You can also cite our [website](https://github.com/IDEA-CCNL/Fengshenbang-LM/):

    @misc{Fengshenbang-LM,
      title={Fengshenbang-LM},
      author={IDEA-CCNL},
      year={2021},
      howpublished={\url{https://github.com/IDEA-CCNL/Fengshenbang-LM}},
    }

## Model overview

The `Taiyi-Stable-Diffusion-1B-Anime-Chinese-v0.1` model is the first open-source Chinese Stable Diffusion Anime model, trained on a dataset of 1 million low-quality and 10,000 high-quality Chinese anime image-text pairs. Developed by the IDEA-CCNL team, this model builds upon the pre-trained [Taiyi-Stable-Diffusion-1B-Chinese-v0.1](https://aimodels.fyi/models/huggingFace/taiyi-stable-diffusion-1b-chinese-v01-idea-ccnl) model and further fine-tuned it on anime-specific data.
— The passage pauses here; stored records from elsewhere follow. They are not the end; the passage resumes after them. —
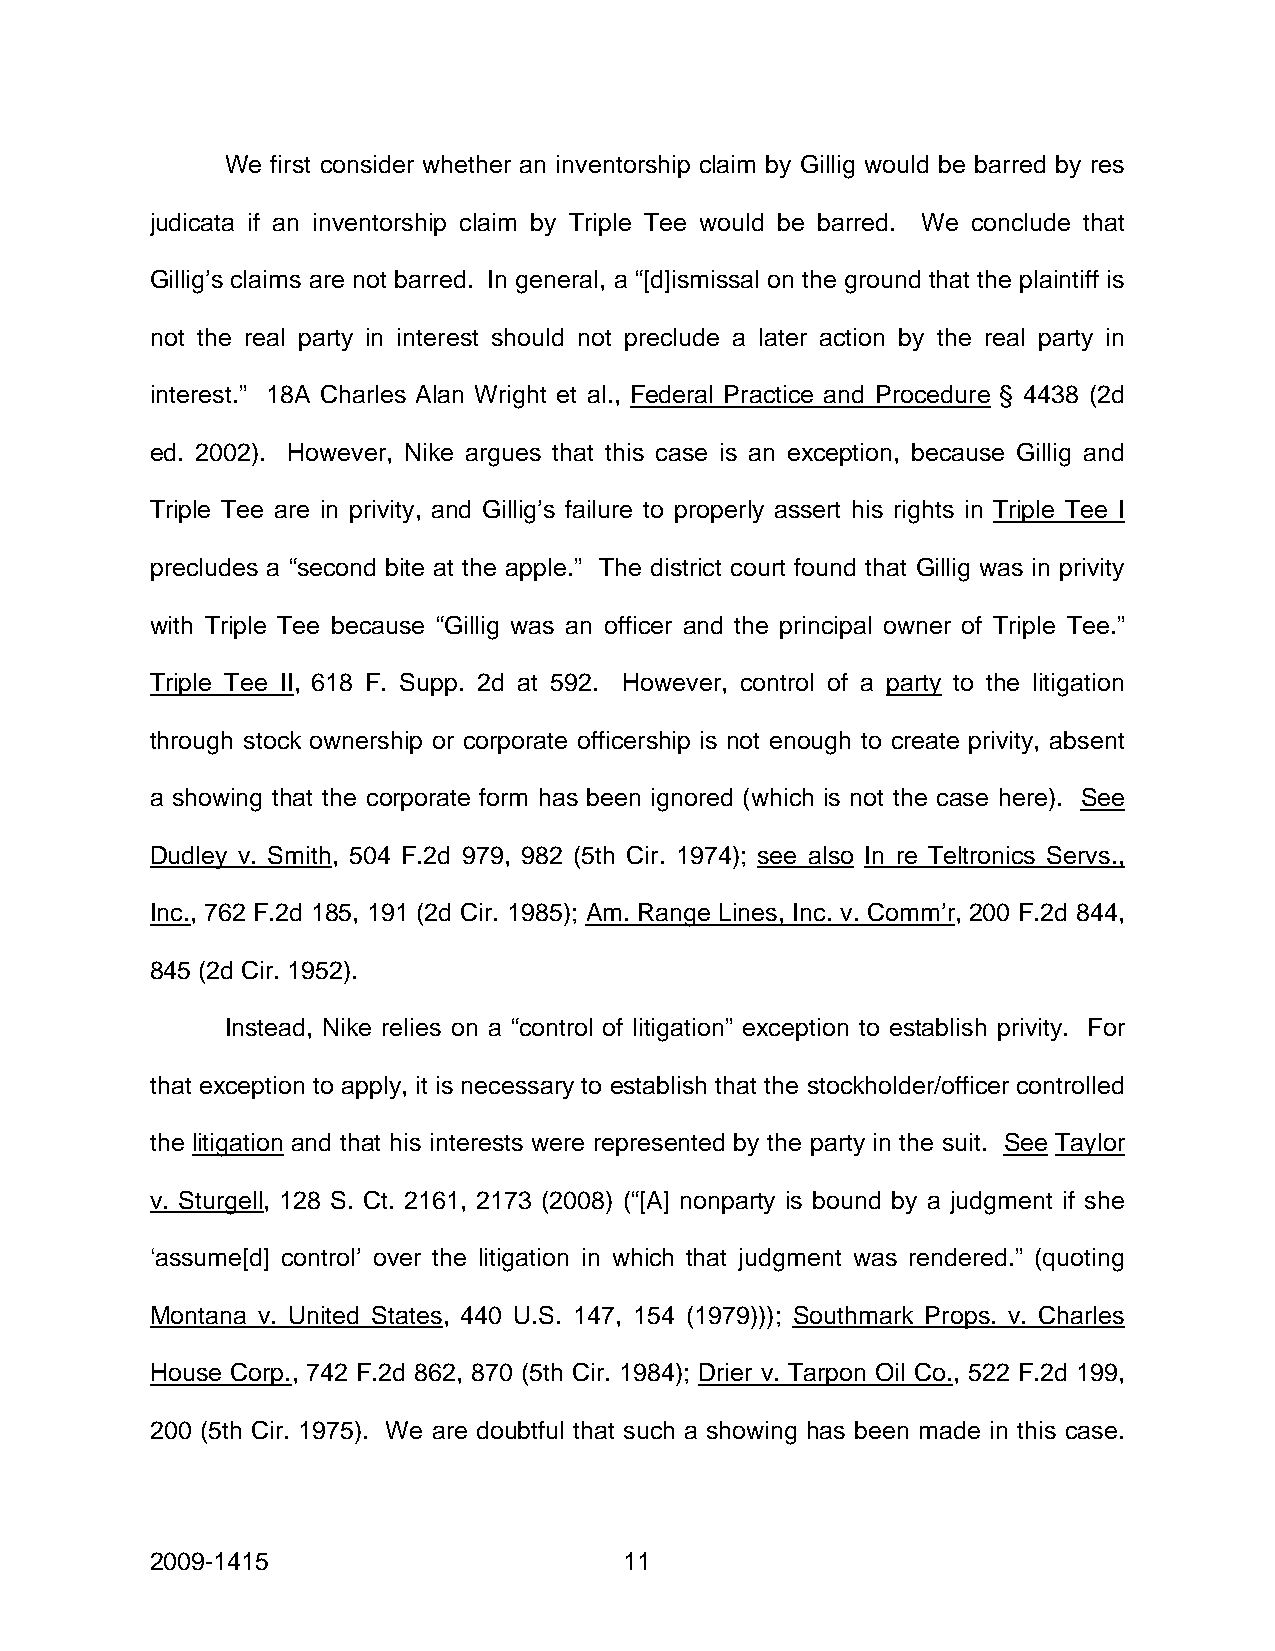
We first consider whether an inventorship claim by Gillig would be barred by res
 judicata if an inventorship claim by Triple Tee would be barred. We conclude that
 Gillig’s claims are not barred. In general, a “[d]ismissal on the ground that the plaintiff is
 not the real party in interest should not preclude a later action by the real party in
 interest.” 18A Charles Alan Wright et al., Federal Practice and Procedure § 4438 (2d
 ed. 2002). However, Nike argues that this case is an exception, because Gillig and
 Triple Tee are in privity, and Gillig’s failure to properly assert his rights in Triple Tee I
 precludes a “second bite at the apple.” The district court found that Gillig was in privity
 with Triple Tee because “Gillig was an officer and the principal owner of Triple Tee.”
 Triple Tee II, 618 F. Supp. 2d at 592. However, control of a party to the litigation
 through stock ownership or corporate officership is not enough to create privity, absent
 a showing that the corporate form has been ignored (which is not the case here). See
 Dudley v. Smith, 504 F.2d 979, 982 (5th Cir. 1974); see also In re Teltronics Servs.,
 Inc., 762 F.2d 185, 191 (2d Cir. 1985); Am. Range Lines, Inc. v. Comm’r, 200 F.2d 844,
 845 (2d Cir. 1952).
 Instead, Nike relies on a “control of litigation” exception to establish privity. For
 that exception to apply, it is necessary to establish that the stockholder/officer controlled
 the litigation and that his interests were represented by the party in the suit. See Taylor
 v. Sturgell, 128 S. Ct. 2161, 2173 (2008) (“[A] nonparty is bound by a judgment if she
 ‘assume[d] control’ over the litigation in which that judgment was rendered.” (quoting
 Montana v. United States, 440 U.S. 147, 154 (1979))); Southmark Props. v. Charles
 House Corp., 742 F.2d 862, 870 (5th Cir. 1984); Drier v. Tarpon Oil Co., 522 F.2d 199,
 200 (5th Cir. 1975). We are doubtful that such a showing has been made in this case.
 2009-1415                      11
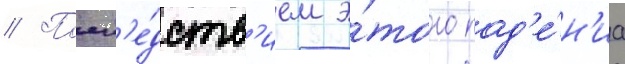
// Посл'е́дств'ием э́того пад'е́н'иа
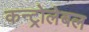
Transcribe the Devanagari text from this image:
कन्ट्रोलेबल
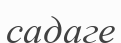
садаге
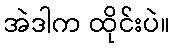
အဲဒါက ထိုင်းပဲ။
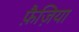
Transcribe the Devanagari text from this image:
फ़ैज़िया
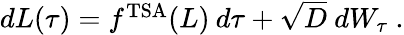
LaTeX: \begin{array}{r}{dL(\tau)=f^{\mathrm{TSA}}(L)\: d\tau+\sqrt{D}\ dW_{\tau}\ .}\end{array}
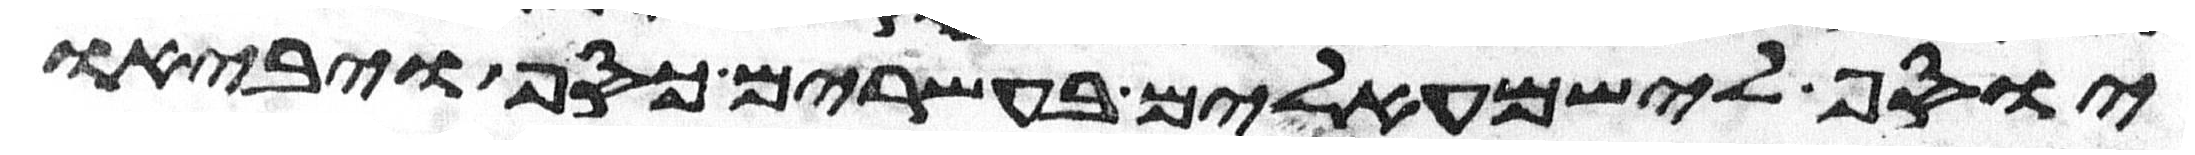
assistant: יוסף לישמעאלים בעשרים כסף ויביאו
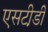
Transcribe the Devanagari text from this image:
एसटी़डी
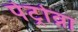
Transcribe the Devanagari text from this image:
पेट्रोव्ना
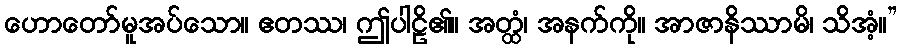
ဟောတော်မူအပ်သော။ ဧတဿ၊ ဤပါဠိ၏။ အတ္ထံ၊ အနက်ကို။ အာဇာနိဿာမိ၊ သိအံ့။”
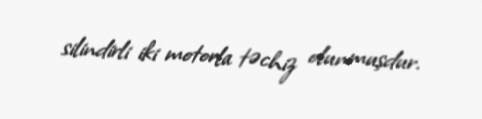
silindirli iki motorla təchiz olunmuşdur.
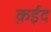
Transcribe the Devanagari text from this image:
क़ईद
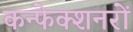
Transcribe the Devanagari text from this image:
कन्फेक्शनरों
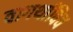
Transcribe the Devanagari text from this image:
वागर्थाविव
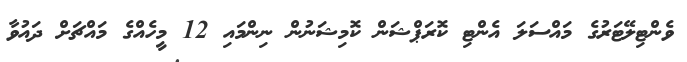
ވެންޓިލޭޓަރުގެ މައްސަލަ އެންޓި ކޮރަޕްޝަން ކޮމިޝަނުން ނިންމައި 12 މީހެއްގެ މައްޗަށް ދައުވާ
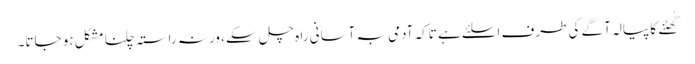
گُھٹنے کا پیالہ آگے کی طرف اسلئے ہے تاکہ آدمی بہ آسانی را ہ چل سکے، ورنہ راستہ چلنا مشکل ہو جاتا۔
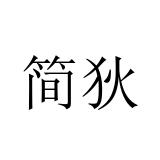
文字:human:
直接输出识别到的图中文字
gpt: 简狄
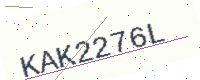
Text: KAK2276L
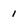
Character: i
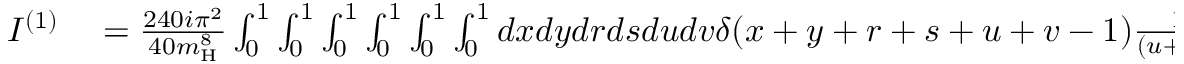
\begin{array} { r l } { I ^ { ( 1 ) } } & { { } = \frac { 2 4 0 i \pi ^ { 2 } } { 4 0 m _ { \mathrm { H } } ^ { 8 } } \int _ { 0 } ^ { 1 } \int _ { 0 } ^ { 1 } \int _ { 0 } ^ { 1 } \int _ { 0 } ^ { 1 } \int _ { 0 } ^ { 1 } \int _ { 0 } ^ { 1 } d x d y d r d s d u d v \delta ( x + y + r + s + u + v - 1 ) \frac { 1 } { ( u + v ) ^ { 4 } } } \end{array}
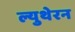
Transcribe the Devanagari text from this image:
ल्युथेरन
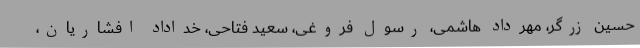
حسین زرگر، مهرداد هاشمی، رسول فروغی، سعید فتاحی، خداداد افشاریان،
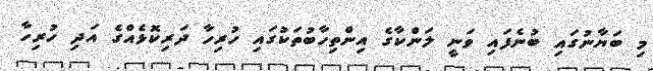
މި ބަޔާނުގައި ބުނެފަައި ވަނީ ލަންކާގެ އިންތިހާބުތަކުގައި ހުރިހާ ދަރިކޮޅެއްގެ އަދި ހުރިހާ
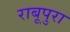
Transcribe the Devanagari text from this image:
राबूपुरा
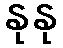
နုနု
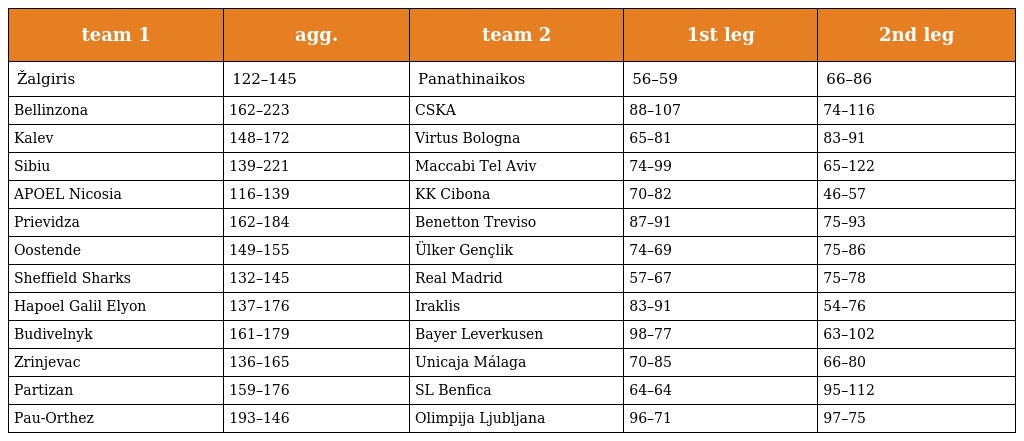
| team 1 | agg. | team 2 | 1st leg | 2nd leg |
 | --- | --- | --- | --- | --- |
 | Žalgiris | 122–145 | Panathinaikos | 56–59 | 66–86 |
 | Bellinzona | 162–223 | CSKA | 88–107 | 74–116 |
 | Kalev | 148–172 | Virtus Bologna | 65–81 | 83–91 |
 | Sibiu | 139–221 | Maccabi Tel Aviv | 74–99 | 65–122 |
 | APOEL Nicosia | 116–139 | KK Cibona | 70–82 | 46–57 |
 | Prievidza | 162–184 | Benetton Treviso | 87–91 | 75–93 |
 | Oostende | 149–155 | Ülker Gençlik | 74–69 | 75–86 |
 | Sheffield Sharks | 132–145 | Real Madrid | 57–67 | 75–78 |
 | Hapoel Galil Elyon | 137–176 | Iraklis | 83–91 | 54–76 |
 | Budivelnyk | 161–179 | Bayer Leverkusen | 98–77 | 63–102 |
 | Zrinjevac | 136–165 | Unicaja Málaga | 70–85 | 66–80 |
 | Partizan | 159–176 | SL Benfica | 64–64 | 95–112 |
 | Pau-Orthez | 193–146 | Olimpija Ljubljana | 96–71 | 97–75 |
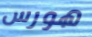
هورس
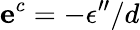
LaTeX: \mathbf{e}^{c}=-\epsilon^{\prime\prime}/d
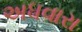
અધવારા
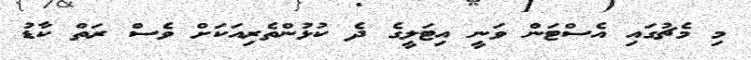
މި މެޗުގައި އެސްޓަން ވަނީ އިޓަލީގެ ދެ ކުޅުންތެރިއަކަށް ވެސް ރަތް ކާޑު
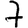
Digit: 7
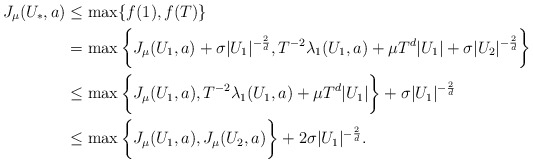
\begin{align*} J_\mu(U_*,a) &\leq \max\{f(1),f(T)\}\\ & = \max\bigg\{J_\mu(U_1,a)+\sigma|U_1|^{-\frac{2}{d}},T^{-2}\lambda_1(U_1,a) + \mu T^{d}|U_1|+\sigma|U_2|^{-\frac{2}{d}}\bigg\} \\ &\leq\max\bigg\{J_\mu(U_1,a),T^{-2}\lambda_1(U_1,a)+ \mu T^{d}|U_1|\bigg\} + \sigma |U_1|^{-\frac{2}{d}} \\ &\leq\max\bigg\{J_\mu(U_1,a),J_\mu(U_2,a)\bigg\}+2 \sigma |U_1|^{-\frac{2}{d}}. \end{align*}
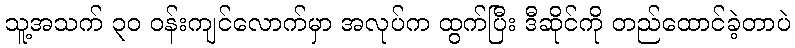
သူ့အသက် ၃၀ ဝန်းကျင်လောက်မှာ အလုပ်က ထွက်ပြီး ဒီဆိုင်ကို တည်ထောင်ခဲ့တာပဲ
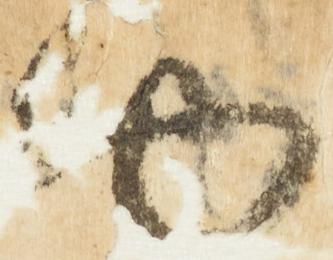
物
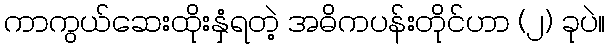
ကာကွယ်ဆေးထိုးနှံရတဲ့ အဓိကပန်းတိုင်ဟာ (၂) ခုပဲ။
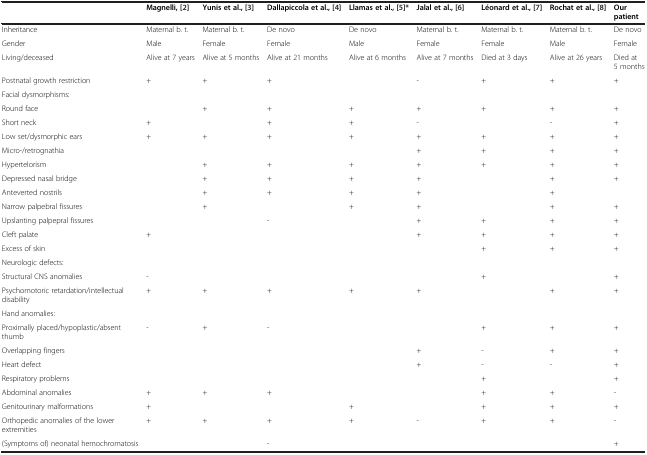
<table><thead><tr><td><b> </b></td><td><b>Magnelli, [2]</b></td><td><b>Yunis et al., [3]</b></td><td><b>Dallapiccola et al., [4]</b></td><td><b>Llamas et al., [5]*</b></td><td><b>Jalal et al., [6]</b></td><td><b>Léonard et al., [7]</b></td><td><b>Rochat et al., [8]</b></td><td><b>Our patient</b></td></tr></thead><tbody><tr><td>Inheritance</td><td>Maternal b. t.</td><td>Maternal b. t.</td><td>De novo</td><td>De novo</td><td>Maternal b. t.</td><td>Maternal b. t.</td><td>Maternal b. t.</td><td>De novo</td></tr><tr><td>Gender</td><td>Male</td><td>Female</td><td>Female</td><td>Male</td><td>Female</td><td>Female</td><td>Male</td><td>Female</td></tr><tr><td>Living/deceased</td><td>Alive at 7 years</td><td>Alive at 5 months</td><td>Alive at 21 months</td><td>Alive at 6 months</td><td>Alive at 7 months</td><td>Died at 3 days</td><td>Alive at 26 years</td><td>Died at 5 months</td></tr><tr><td>Postnatal growth restriction</td><td>+</td><td>+</td><td>+</td><td> </td><td>-</td><td>+</td><td>+</td><td>+</td></tr><tr><td>Facial dysmorphisms:</td><td> </td><td> </td><td> </td><td> </td><td> </td><td> </td><td> </td><td> </td></tr><tr><td>Round face</td><td> </td><td>+</td><td>+</td><td>+</td><td>+</td><td>+</td><td>+</td><td>+</td></tr><tr><td>Short neck</td><td>+</td><td> </td><td>+</td><td>+</td><td>-</td><td> </td><td>-</td><td>+</td></tr><tr><td>Low set/dysmorphic ears</td><td>+</td><td>+</td><td>+</td><td>+</td><td>+</td><td>+</td><td>+</td><td>+</td></tr><tr><td>Micro-/retrognathia</td><td> </td><td> </td><td> </td><td> </td><td>+</td><td>+</td><td>+</td><td>+</td></tr><tr><td>Hypertelorism</td><td> </td><td>+</td><td>+</td><td>+</td><td>+</td><td>+</td><td>+</td><td>+</td></tr><tr><td>Depressed nasal bridge</td><td> </td><td>+</td><td>+</td><td>+</td><td>+</td><td> </td><td>+</td><td>+</td></tr><tr><td>Anteverted nostrils</td><td> </td><td>+</td><td>+</td><td>+</td><td>+</td><td> </td><td>+</td><td> </td></tr><tr><td>Narrow palpebral fissures</td><td> </td><td>+</td><td> </td><td>+</td><td>+</td><td> </td><td>+</td><td>+</td></tr><tr><td>Upslanting palpepral fissures</td><td> </td><td> </td><td>-</td><td> </td><td>+</td><td>+</td><td>+</td><td>+</td></tr><tr><td>Cleft palate</td><td>+</td><td> </td><td> </td><td> </td><td>+</td><td>+</td><td>+</td><td>+</td></tr><tr><td>Excess of skin</td><td> </td><td> </td><td> </td><td> </td><td> </td><td>+</td><td>+</td><td>+</td></tr><tr><td>Neurologic defects:</td><td> </td><td> </td><td> </td><td> </td><td> </td><td> </td><td> </td><td> </td></tr><tr><td>Structural CNS anomalies</td><td>-</td><td> </td><td> </td><td> </td><td> </td><td>+</td><td> </td><td>+</td></tr><tr><td>Psychomotoric retardation/intellectual disability</td><td>+</td><td>+</td><td>+</td><td>+</td><td>+</td><td> </td><td>+</td><td>+</td></tr><tr><td>Hand anomalies:</td><td> </td><td> </td><td> </td><td> </td><td> </td><td> </td><td> </td><td> </td></tr><tr><td>Proximally placed/hypoplastic/absent thumb</td><td>-</td><td>+</td><td>-</td><td> </td><td> </td><td>+</td><td>+</td><td>+</td></tr><tr><td>Overlapping fingers</td><td> </td><td> </td><td> </td><td> </td><td>+</td><td>-</td><td>+</td><td>+</td></tr><tr><td>Heart defect</td><td> </td><td> </td><td> </td><td> </td><td>+</td><td>-</td><td>-</td><td>+</td></tr><tr><td>Respiratory problems</td><td> </td><td> </td><td> </td><td> </td><td> </td><td>+</td><td> </td><td>+</td></tr><tr><td>Abdominal anomalies</td><td>+</td><td>+</td><td>+</td><td> </td><td> </td><td>+</td><td>+</td><td>-</td></tr><tr><td>Genitourinary malformations</td><td>+</td><td> </td><td> </td><td>+</td><td> </td><td>+</td><td>+</td><td>+</td></tr><tr><td>Orthopedic anomalies of the lower extremities</td><td>+</td><td>+</td><td>+</td><td>+</td><td>-</td><td>+</td><td>+</td><td>-</td></tr><tr><td>(Symptoms of) neonatal hemochromatosis</td><td> </td><td> </td><td>-</td><td> </td><td> </td><td> </td><td> </td><td>+</td></tr></tbody></table>

## Model inputs and outputs

### Inputs
- **Textual Prompts**: The model takes in textual prompts that describe the desired image content, using natural language.

### Outputs
- **Generated Images**: The model outputs high-quality, photorealistic images that match the provided textual prompts.

## Capabilities

The `Taiyi-Stable-Diffusion-1B-Anime-Chinese-v0.1` model demonstrates strong capabilities in generating Chinese-inspired anime-style illustrations. The model is able to capture intricate details, realistic textures, and vibrant colors in the generated images. Additionally, the model retains the powerful generative abilities of the original Stable Diffusion model, allowing it to handle a wide range of prompts beyond just anime-themed content.

## What can I use it for?

This model can be particularly useful for artists, designers, and content creators who want to generate high-quality Chinese anime-style illustrations. The model can be used to ideate new characters, scenes, and narratives, or to create visual assets for games, animations, and other multimedia projects. The open-source nature of the model also makes it accessible for educational and research purposes, enabling further exploration and development of text-to-image AI capabilities.

## Things to try

One interesting aspect of the `Taiyi-Stable-Diffusion-1B-Anime-Chinese-v0.1` model is its ability to seamlessly handle both Chinese and English prompts. This allows users to experiment with bilingual or multilingual prompts, potentially leading to unique and unexpected results. Additionally, users can try leveraging the model's strengths in generating anime-style art by incorporating detailed, descriptive prompts that capture the desired aesthetic and narrative elements.